====== Provided entries

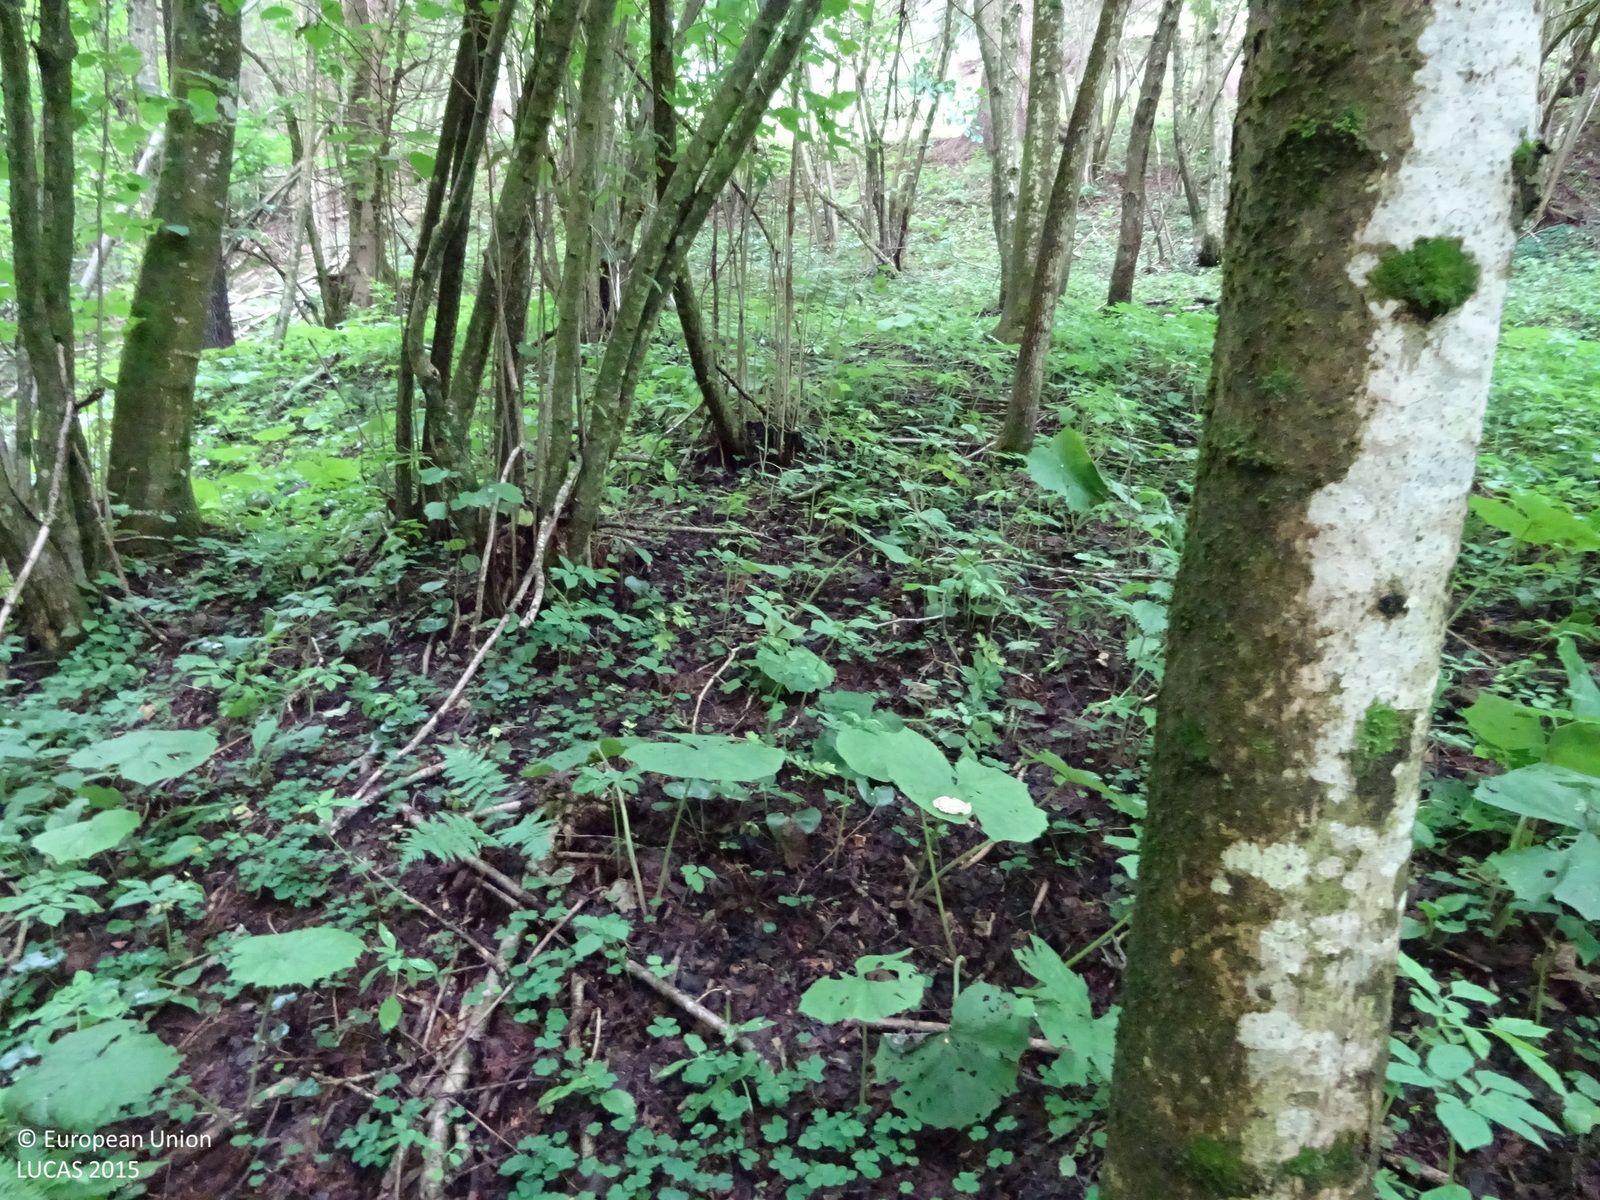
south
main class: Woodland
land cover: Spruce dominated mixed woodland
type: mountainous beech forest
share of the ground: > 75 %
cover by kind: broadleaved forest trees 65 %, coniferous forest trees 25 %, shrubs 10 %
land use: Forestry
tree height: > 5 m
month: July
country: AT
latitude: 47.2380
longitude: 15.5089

============
====== Provided entries

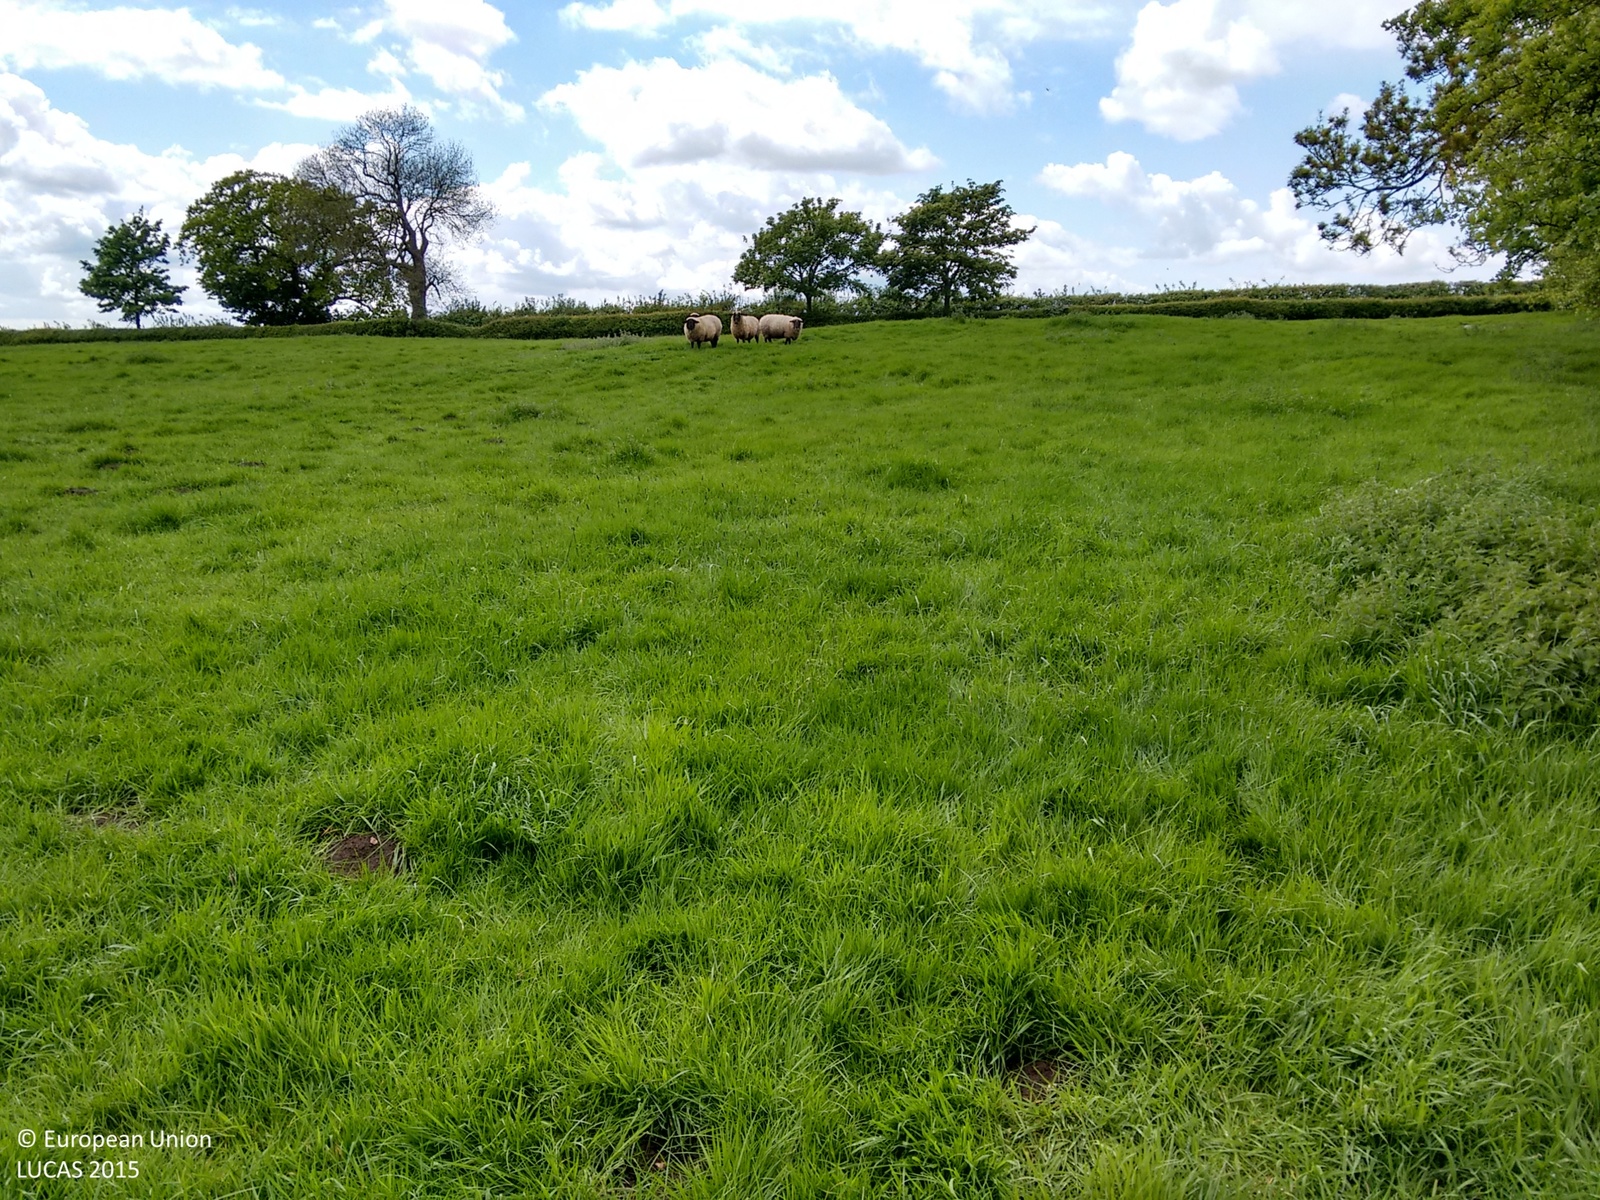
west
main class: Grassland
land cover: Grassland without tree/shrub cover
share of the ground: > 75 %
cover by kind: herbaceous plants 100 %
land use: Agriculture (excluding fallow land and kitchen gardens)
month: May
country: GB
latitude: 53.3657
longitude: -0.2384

============

Task statement: Repeat the entries above verbatim, but only from the line that has "land use: Forestry" down to the line that has "longitude: 15.5089", inclusive.

Reply to the exercise:
land use: Forestry
tree height: > 5 m
month: July
country: AT
latitude: 47.2380
longitude: 15.5089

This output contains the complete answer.